**Task details**: Copy verbatim the block of lines in the entries below whose first line contains "type: mire and swamp forests" and whose last line contains "longitude: 20.5363". Leave out all other lines.

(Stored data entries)
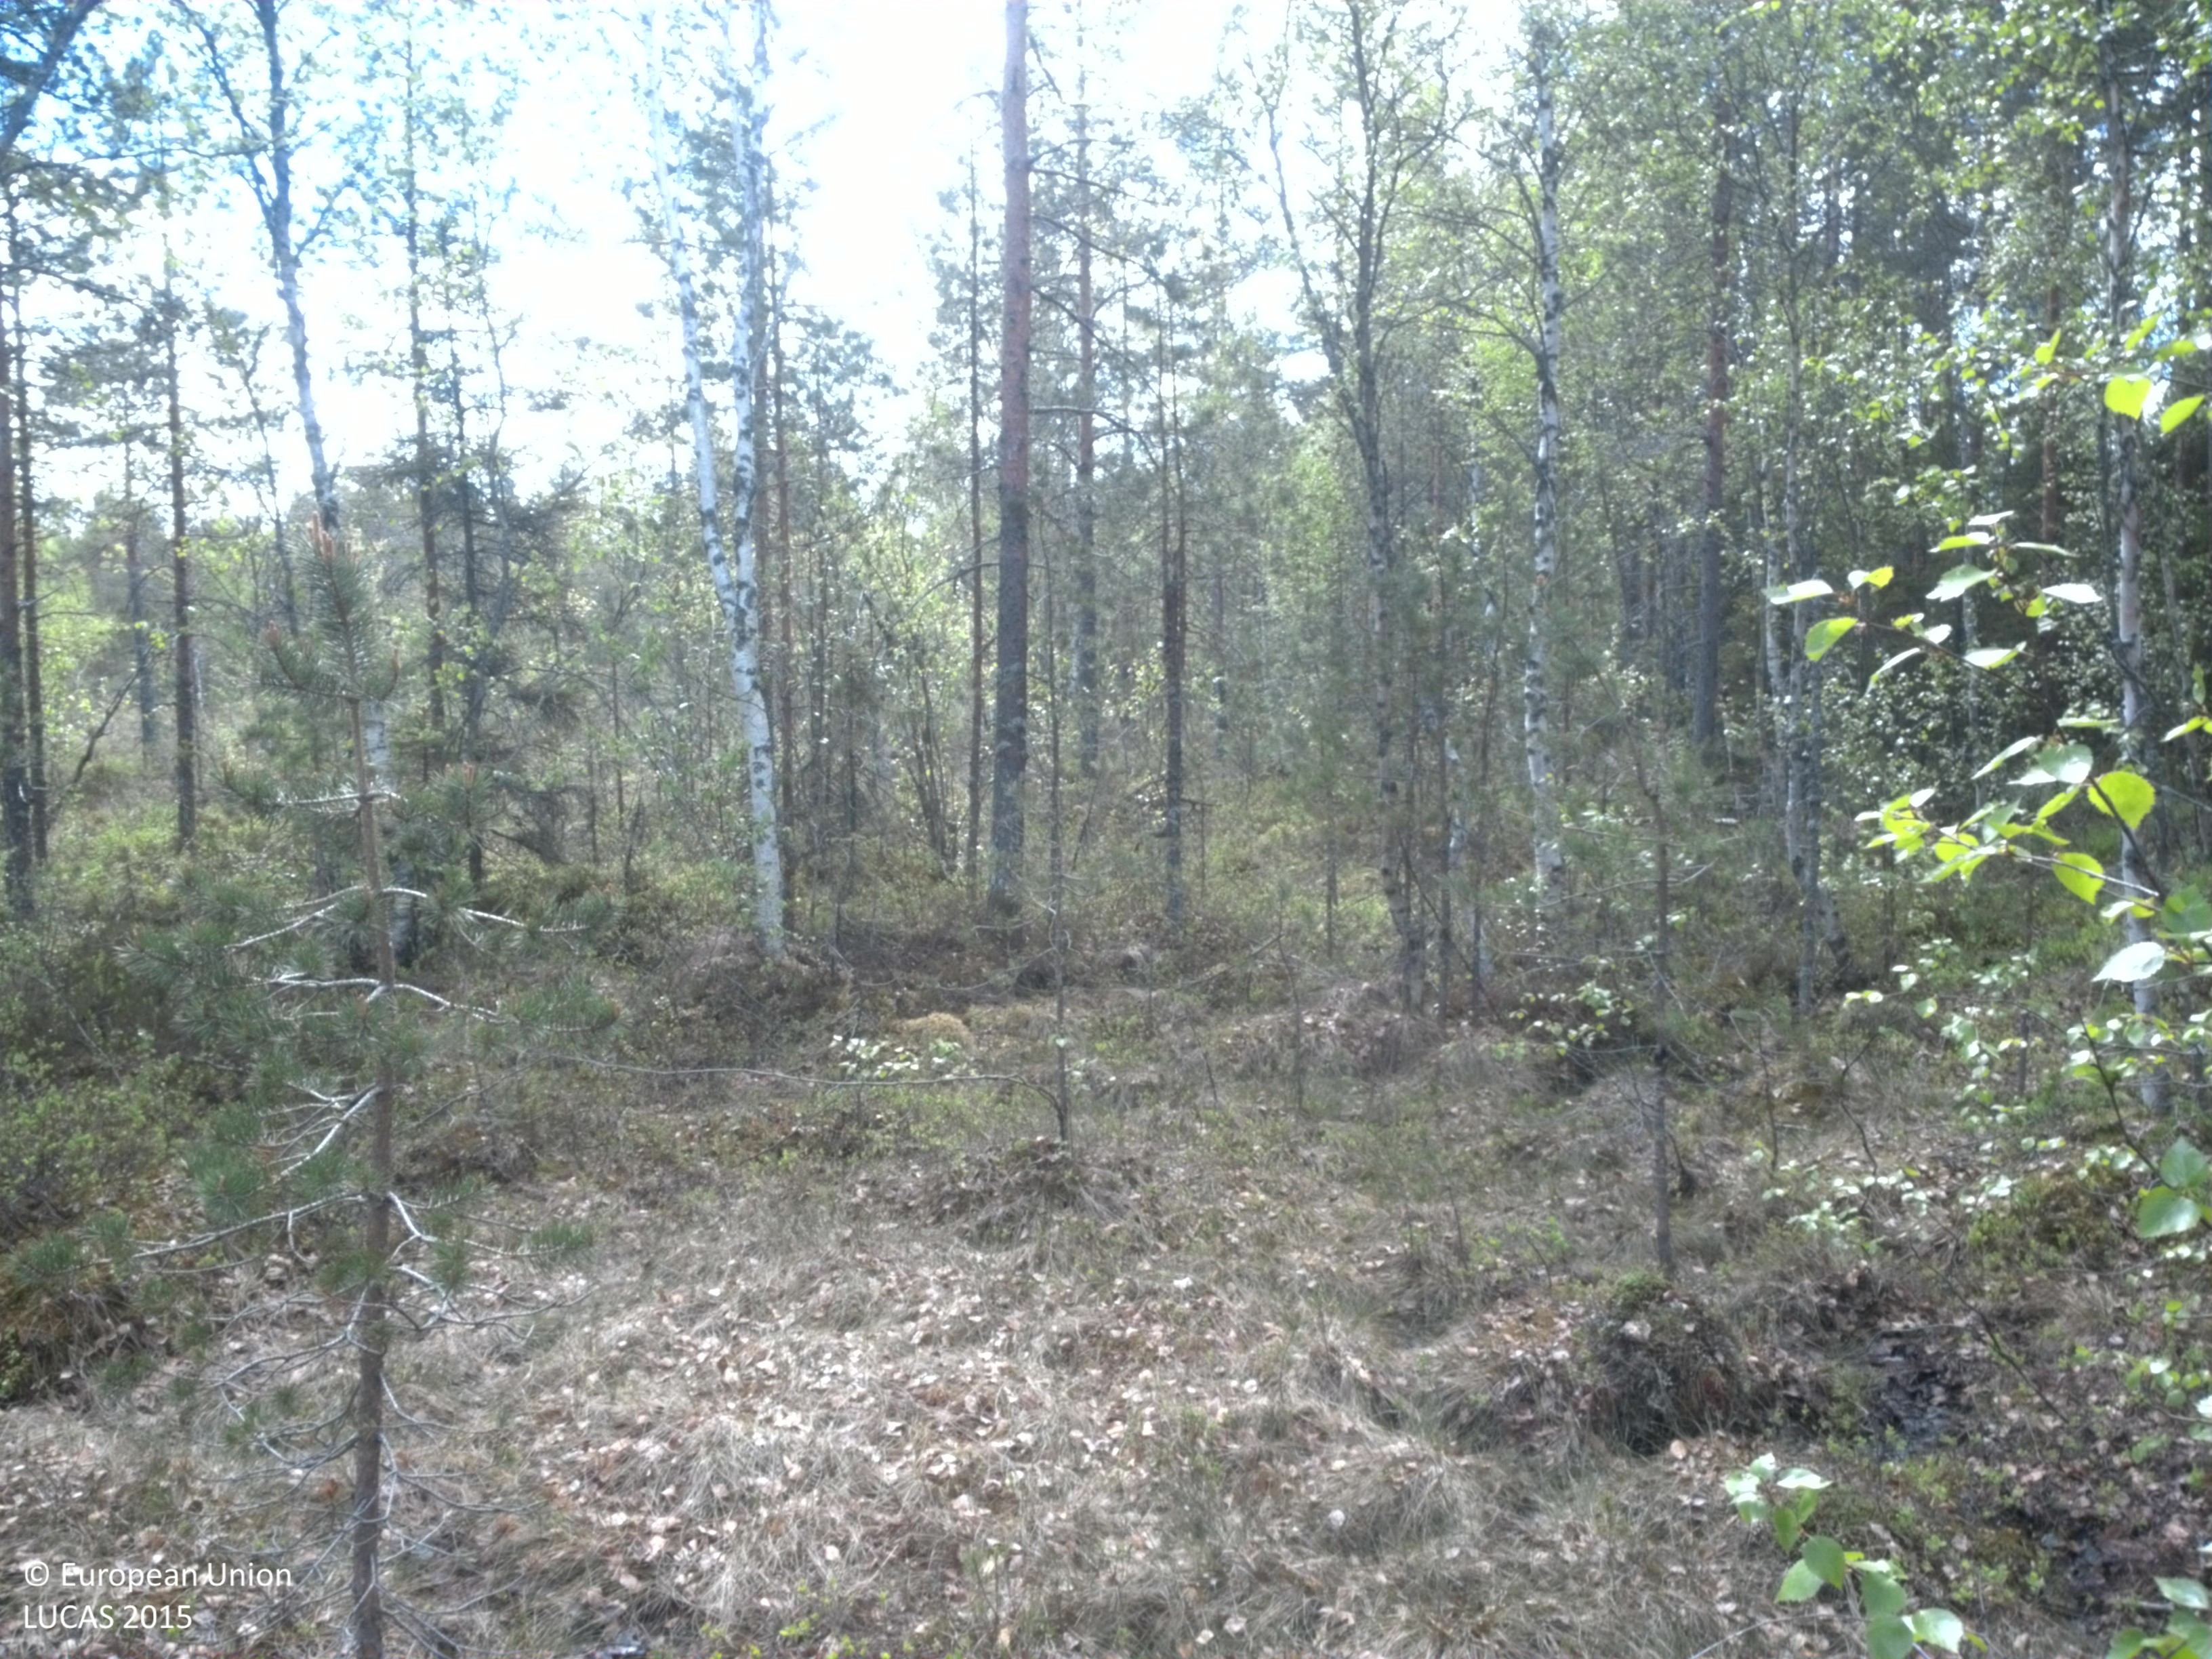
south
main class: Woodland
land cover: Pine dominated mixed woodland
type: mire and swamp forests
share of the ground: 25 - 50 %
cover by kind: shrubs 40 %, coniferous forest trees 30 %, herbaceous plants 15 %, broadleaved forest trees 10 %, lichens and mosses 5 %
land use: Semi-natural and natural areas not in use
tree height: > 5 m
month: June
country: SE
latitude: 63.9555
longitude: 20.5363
==
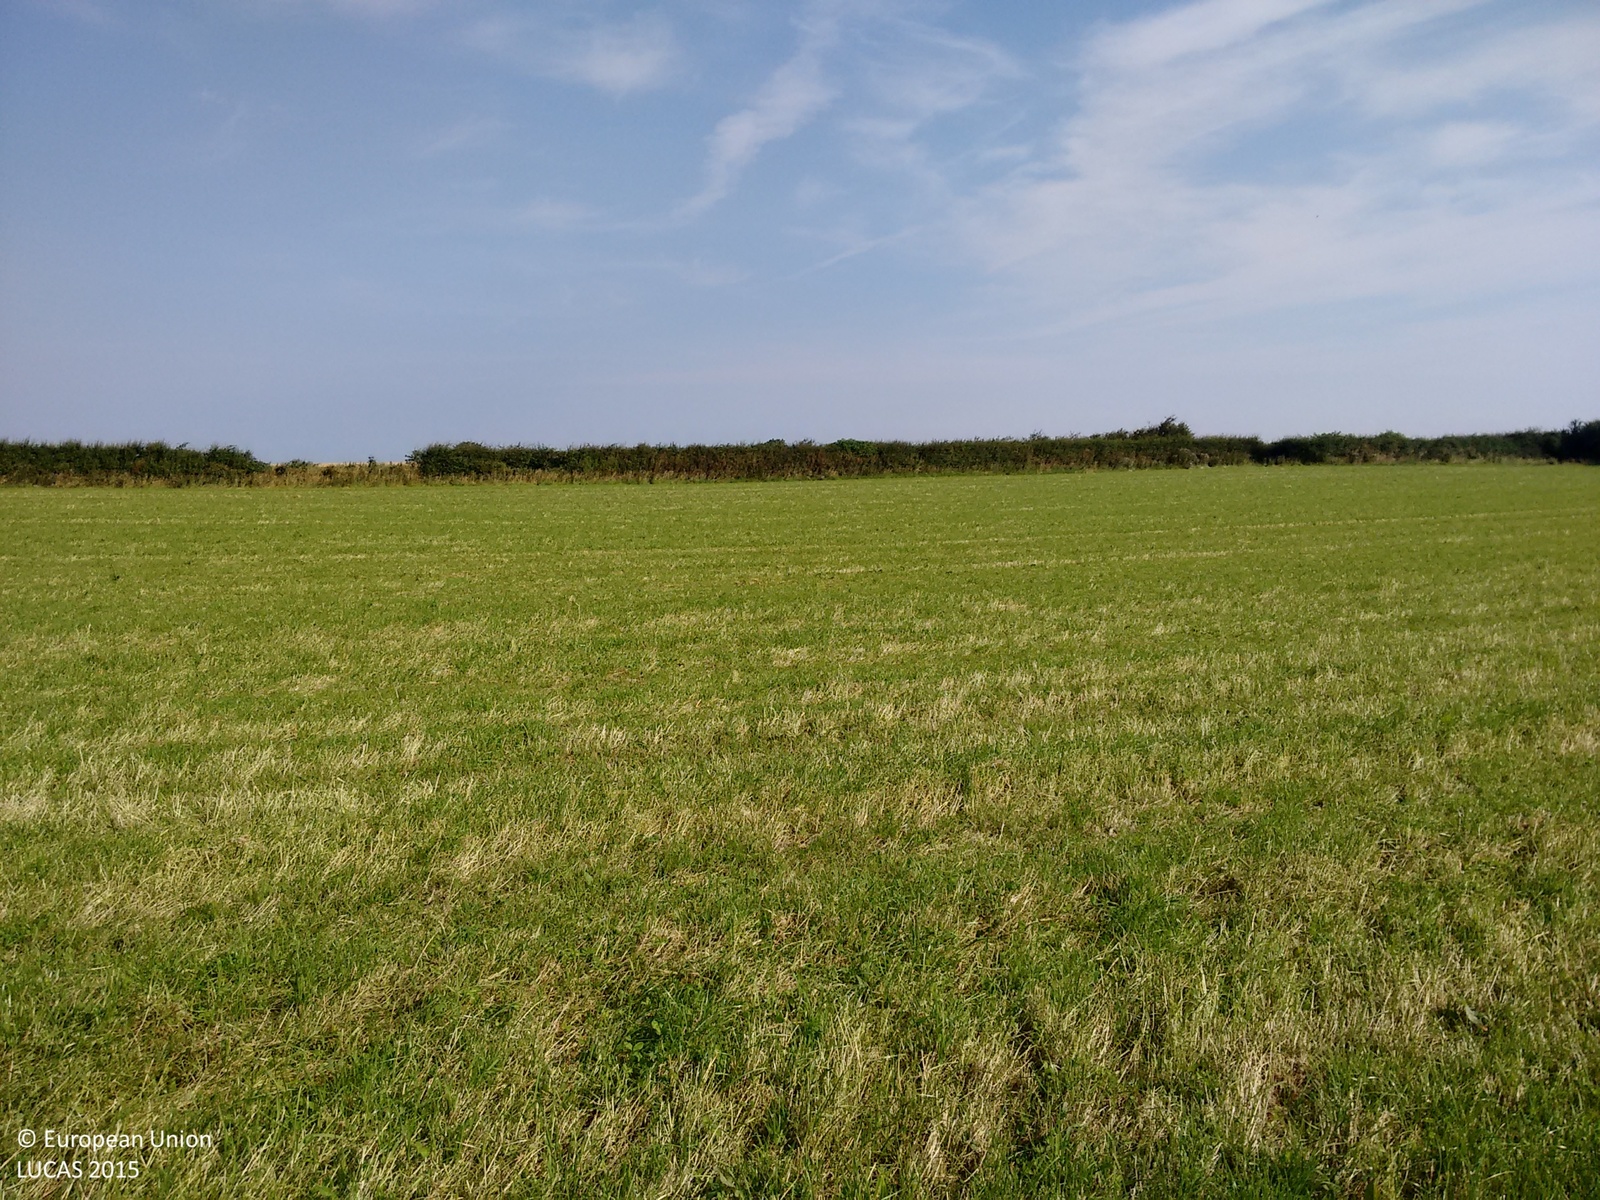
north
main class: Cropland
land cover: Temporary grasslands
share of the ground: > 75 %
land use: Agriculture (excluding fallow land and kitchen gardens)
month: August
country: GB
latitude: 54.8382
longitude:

**Task solution**:
type: mire and swamp forests
share of the ground: 25 - 50 %
cover by kind: shrubs 40 %, coniferous forest trees 30 %, herbaceous plants 15 %, broadleaved forest trees 10 %, lichens and mosses 5 %
land use: Semi-natural and natural areas not in use
tree height: > 5 m
month: June
country: SE
latitude: 63.9555
longitude: 20.5363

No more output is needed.